Items from a dataset
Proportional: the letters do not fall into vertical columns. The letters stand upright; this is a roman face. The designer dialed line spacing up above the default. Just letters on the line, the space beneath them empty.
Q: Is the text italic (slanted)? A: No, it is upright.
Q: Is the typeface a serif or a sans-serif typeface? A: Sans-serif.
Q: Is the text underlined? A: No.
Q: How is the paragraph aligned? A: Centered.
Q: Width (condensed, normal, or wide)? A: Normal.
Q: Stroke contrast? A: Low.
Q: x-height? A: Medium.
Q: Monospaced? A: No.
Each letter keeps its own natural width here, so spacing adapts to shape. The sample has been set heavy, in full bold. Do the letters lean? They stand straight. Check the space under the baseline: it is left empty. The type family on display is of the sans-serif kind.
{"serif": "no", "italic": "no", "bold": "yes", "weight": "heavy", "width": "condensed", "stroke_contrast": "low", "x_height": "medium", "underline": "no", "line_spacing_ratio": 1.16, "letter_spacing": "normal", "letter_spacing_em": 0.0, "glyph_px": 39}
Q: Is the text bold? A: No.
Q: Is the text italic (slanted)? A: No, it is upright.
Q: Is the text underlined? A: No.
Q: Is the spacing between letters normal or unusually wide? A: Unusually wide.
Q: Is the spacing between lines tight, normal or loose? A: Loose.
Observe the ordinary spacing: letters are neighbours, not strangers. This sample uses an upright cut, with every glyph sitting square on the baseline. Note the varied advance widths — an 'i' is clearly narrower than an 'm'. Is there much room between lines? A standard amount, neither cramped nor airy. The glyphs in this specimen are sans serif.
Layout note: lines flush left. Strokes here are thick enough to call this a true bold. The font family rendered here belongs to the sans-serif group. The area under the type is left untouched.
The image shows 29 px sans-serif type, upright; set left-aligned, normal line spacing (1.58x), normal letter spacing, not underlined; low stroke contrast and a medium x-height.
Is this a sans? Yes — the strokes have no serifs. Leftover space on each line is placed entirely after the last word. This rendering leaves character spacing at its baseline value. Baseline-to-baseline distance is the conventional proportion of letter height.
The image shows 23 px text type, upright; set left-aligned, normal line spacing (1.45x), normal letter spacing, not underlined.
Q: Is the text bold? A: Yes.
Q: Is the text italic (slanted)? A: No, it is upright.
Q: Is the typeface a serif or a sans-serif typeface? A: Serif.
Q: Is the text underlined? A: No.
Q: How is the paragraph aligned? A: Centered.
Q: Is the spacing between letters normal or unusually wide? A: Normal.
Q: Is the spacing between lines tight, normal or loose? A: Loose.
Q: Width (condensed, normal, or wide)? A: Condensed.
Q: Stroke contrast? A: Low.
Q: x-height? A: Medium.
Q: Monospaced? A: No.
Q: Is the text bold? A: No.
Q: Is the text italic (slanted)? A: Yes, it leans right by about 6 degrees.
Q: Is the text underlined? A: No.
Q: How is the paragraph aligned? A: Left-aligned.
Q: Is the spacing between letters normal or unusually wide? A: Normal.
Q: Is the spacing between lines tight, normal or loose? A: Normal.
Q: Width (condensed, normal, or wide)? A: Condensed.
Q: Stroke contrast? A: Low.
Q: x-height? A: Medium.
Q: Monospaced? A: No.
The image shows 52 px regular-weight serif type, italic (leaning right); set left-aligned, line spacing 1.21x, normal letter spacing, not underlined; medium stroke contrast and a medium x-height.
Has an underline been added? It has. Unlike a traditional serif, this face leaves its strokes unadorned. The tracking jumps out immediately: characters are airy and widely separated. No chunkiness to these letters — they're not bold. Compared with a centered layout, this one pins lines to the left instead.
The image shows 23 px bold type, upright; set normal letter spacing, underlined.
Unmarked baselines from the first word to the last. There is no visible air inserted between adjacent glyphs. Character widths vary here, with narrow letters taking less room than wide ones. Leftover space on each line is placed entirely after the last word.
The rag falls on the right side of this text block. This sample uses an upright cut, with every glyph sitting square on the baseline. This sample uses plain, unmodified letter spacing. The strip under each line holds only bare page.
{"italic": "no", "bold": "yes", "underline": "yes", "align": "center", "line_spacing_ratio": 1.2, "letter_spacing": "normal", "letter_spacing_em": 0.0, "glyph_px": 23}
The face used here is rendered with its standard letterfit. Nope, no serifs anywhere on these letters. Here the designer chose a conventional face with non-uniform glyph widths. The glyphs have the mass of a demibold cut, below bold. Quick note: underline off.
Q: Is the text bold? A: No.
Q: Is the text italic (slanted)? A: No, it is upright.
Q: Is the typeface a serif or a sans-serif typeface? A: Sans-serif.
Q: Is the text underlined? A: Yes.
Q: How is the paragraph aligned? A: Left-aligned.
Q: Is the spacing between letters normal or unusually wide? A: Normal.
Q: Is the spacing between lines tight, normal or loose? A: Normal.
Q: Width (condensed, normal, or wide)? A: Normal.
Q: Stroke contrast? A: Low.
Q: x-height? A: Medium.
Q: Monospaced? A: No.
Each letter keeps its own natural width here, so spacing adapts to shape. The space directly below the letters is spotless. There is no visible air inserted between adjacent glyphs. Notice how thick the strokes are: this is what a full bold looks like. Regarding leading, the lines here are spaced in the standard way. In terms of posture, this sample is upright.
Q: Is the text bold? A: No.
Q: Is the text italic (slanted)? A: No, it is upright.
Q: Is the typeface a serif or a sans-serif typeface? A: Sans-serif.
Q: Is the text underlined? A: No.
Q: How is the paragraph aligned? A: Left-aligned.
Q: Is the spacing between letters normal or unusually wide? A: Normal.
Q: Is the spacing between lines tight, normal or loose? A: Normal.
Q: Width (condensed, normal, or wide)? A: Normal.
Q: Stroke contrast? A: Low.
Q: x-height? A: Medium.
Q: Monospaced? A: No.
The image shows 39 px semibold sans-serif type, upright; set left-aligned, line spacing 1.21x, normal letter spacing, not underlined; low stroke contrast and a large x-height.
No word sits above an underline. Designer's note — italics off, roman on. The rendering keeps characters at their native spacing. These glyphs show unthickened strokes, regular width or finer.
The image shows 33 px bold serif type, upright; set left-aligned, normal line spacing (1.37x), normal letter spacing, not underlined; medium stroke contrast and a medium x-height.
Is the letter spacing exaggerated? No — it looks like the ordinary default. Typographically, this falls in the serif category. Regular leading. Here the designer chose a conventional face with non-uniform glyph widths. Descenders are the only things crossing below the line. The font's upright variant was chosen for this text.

WHAT TO PRODUCE: Exact reproduction of every entry is needed.

EXERCISE OUTPUT:
Proportional: the letters do not fall into vertical columns. The letters stand upright; this is a roman face. The designer dialed line spacing up above the default. Just letters on the line, the space beneath them empty.
Q: Is the text italic (slanted)? A: No, it is upright.
Q: Is the typeface a serif or a sans-serif typeface? A: Sans-serif.
Q: Is the text underlined? A: No.
Q: How is the paragraph aligned? A: Centered.
Q: Width (condensed, normal, or wide)? A: Normal.
Q: Stroke contrast? A: Low.
Q: x-height? A: Medium.
Q: Monospaced? A: No.
Each letter keeps its own natural width here, so spacing adapts to shape. The sample has been set heavy, in full bold. Do the letters lean? They stand straight. Check the space under the baseline: it is left empty. The type family on display is of the sans-serif kind.
{"serif": "no", "italic": "no", "bold": "yes", "weight": "heavy", "width": "condensed", "stroke_contrast": "low", "x_height": "medium", "underline": "no", "line_spacing_ratio": 1.16, "letter_spacing": "normal", "letter_spacing_em": 0.0, "glyph_px": 39}
Q: Is the text bold? A: No.
Q: Is the text italic (slanted)? A: No, it is upright.
Q: Is the text underlined? A: No.
Q: Is the spacing between letters normal or unusually wide? A: Unusually wide.
Q: Is the spacing between lines tight, normal or loose? A: Loose.
Observe the ordinary spacing: letters are neighbours, not strangers. This sample uses an upright cut, with every glyph sitting square on the baseline. Note the varied advance widths — an 'i' is clearly narrower than an 'm'. Is there much room between lines? A standard amount, neither cramped nor airy. The glyphs in this specimen are sans serif.
Layout note: lines flush left. Strokes here are thick enough to call this a true bold. The font family rendered here belongs to the sans-serif group. The area under the type is left untouched.
The image shows 29 px sans-serif type, upright; set left-aligned, normal line spacing (1.58x), normal letter spacing, not underlined; low stroke contrast and a medium x-height.
Is this a sans? Yes — the strokes have no serifs. Leftover space on each line is placed entirely after the last word. This rendering leaves character spacing at its baseline value. Baseline-to-baseline distance is the conventional proportion of letter height.
The image shows 23 px text type, upright; set left-aligned, normal line spacing (1.45x), normal letter spacing, not underlined.
Q: Is the text bold? A: Yes.
Q: Is the text italic (slanted)? A: No, it is upright.
Q: Is the typeface a serif or a sans-serif typeface? A: Serif.
Q: Is the text underlined? A: No.
Q: How is the paragraph aligned? A: Centered.
Q: Is the spacing between letters normal or unusually wide? A: Normal.
Q: Is the spacing between lines tight, normal or loose? A: Loose.
Q: Width (condensed, normal, or wide)? A: Condensed.
Q: Stroke contrast? A: Low.
Q: x-height? A: Medium.
Q: Monospaced? A: No.
Q: Is the text bold? A: No.
Q: Is the text italic (slanted)? A: Yes, it leans right by about 6 degrees.
Q: Is the text underlined? A: No.
Q: How is the paragraph aligned? A: Left-aligned.
Q: Is the spacing between letters normal or unusually wide? A: Normal.
Q: Is the spacing between lines tight, normal or loose? A: Normal.
Q: Width (condensed, normal, or wide)? A: Condensed.
Q: Stroke contrast? A: Low.
Q: x-height? A: Medium.
Q: Monospaced? A: No.
The image shows 52 px regular-weight serif type, italic (leaning right); set left-aligned, line spacing 1.21x, normal letter spacing, not underlined; medium stroke contrast and a medium x-height.
Has an underline been added? It has. Unlike a traditional serif, this face leaves its strokes unadorned. The tracking jumps out immediately: characters are airy and widely separated. No chunkiness to these letters — they're not bold. Compared with a centered layout, this one pins lines to the left instead.
The image shows 23 px bold type, upright; set normal letter spacing, underlined.
Unmarked baselines from the first word to the last. There is no visible air inserted between adjacent glyphs. Character widths vary here, with narrow letters taking less room than wide ones. Leftover space on each line is placed entirely after the last word.
The rag falls on the right side of this text block. This sample uses an upright cut, with every glyph sitting square on the baseline. This sample uses plain, unmodified letter spacing. The strip under each line holds only bare page.
{"italic": "no", "bold": "yes", "underline": "yes", "align": "center", "line_spacing_ratio": 1.2, "letter_spacing": "normal", "letter_spacing_em": 0.0, "glyph_px": 23}
The face used here is rendered with its standard letterfit. Nope, no serifs anywhere on these letters. Here the designer chose a conventional face with non-uniform glyph widths. The glyphs have the mass of a demibold cut, below bold. Quick note: underline off.
Q: Is the text bold? A: No.
Q: Is the text italic (slanted)? A: No, it is upright.
Q: Is the typeface a serif or a sans-serif typeface? A: Sans-serif.
Q: Is the text underlined? A: Yes.
Q: How is the paragraph aligned? A: Left-aligned.
Q: Is the spacing between letters normal or unusually wide? A: Normal.
Q: Is the spacing between lines tight, normal or loose? A: Normal.
Q: Width (condensed, normal, or wide)? A: Normal.
Q: Stroke contrast? A: Low.
Q: x-height? A: Medium.
Q: Monospaced? A: No.
Each letter keeps its own natural width here, so spacing adapts to shape. The space directly below the letters is spotless. There is no visible air inserted between adjacent glyphs. Notice how thick the strokes are: this is what a full bold looks like. Regarding leading, the lines here are spaced in the standard way. In terms of posture, this sample is upright.
Q: Is the text bold? A: No.
Q: Is the text italic (slanted)? A: No, it is upright.
Q: Is the typeface a serif or a sans-serif typeface? A: Sans-serif.
Q: Is the text underlined? A: No.
Q: How is the paragraph aligned? A: Left-aligned.
Q: Is the spacing between letters normal or unusually wide? A: Normal.
Q: Is the spacing between lines tight, normal or loose? A: Normal.
Q: Width (condensed, normal, or wide)? A: Normal.
Q: Stroke contrast? A: Low.
Q: x-height? A: Medium.
Q: Monospaced? A: No.
The image shows 39 px semibold sans-serif type, upright; set left-aligned, line spacing 1.21x, normal letter spacing, not underlined; low stroke contrast and a large x-height.
No word sits above an underline. Designer's note — italics off, roman on. The rendering keeps characters at their native spacing. These glyphs show unthickened strokes, regular width or finer.
The image shows 33 px bold serif type, upright; set left-aligned, normal line spacing (1.37x), normal letter spacing, not underlined; medium stroke contrast and a medium x-height.
Is the letter spacing exaggerated? No — it looks like the ordinary default. Typographically, this falls in the serif category. Regular leading. Here the designer chose a conventional face with non-uniform glyph widths. Descenders are the only things crossing below the line. The font's upright variant was chosen for this text.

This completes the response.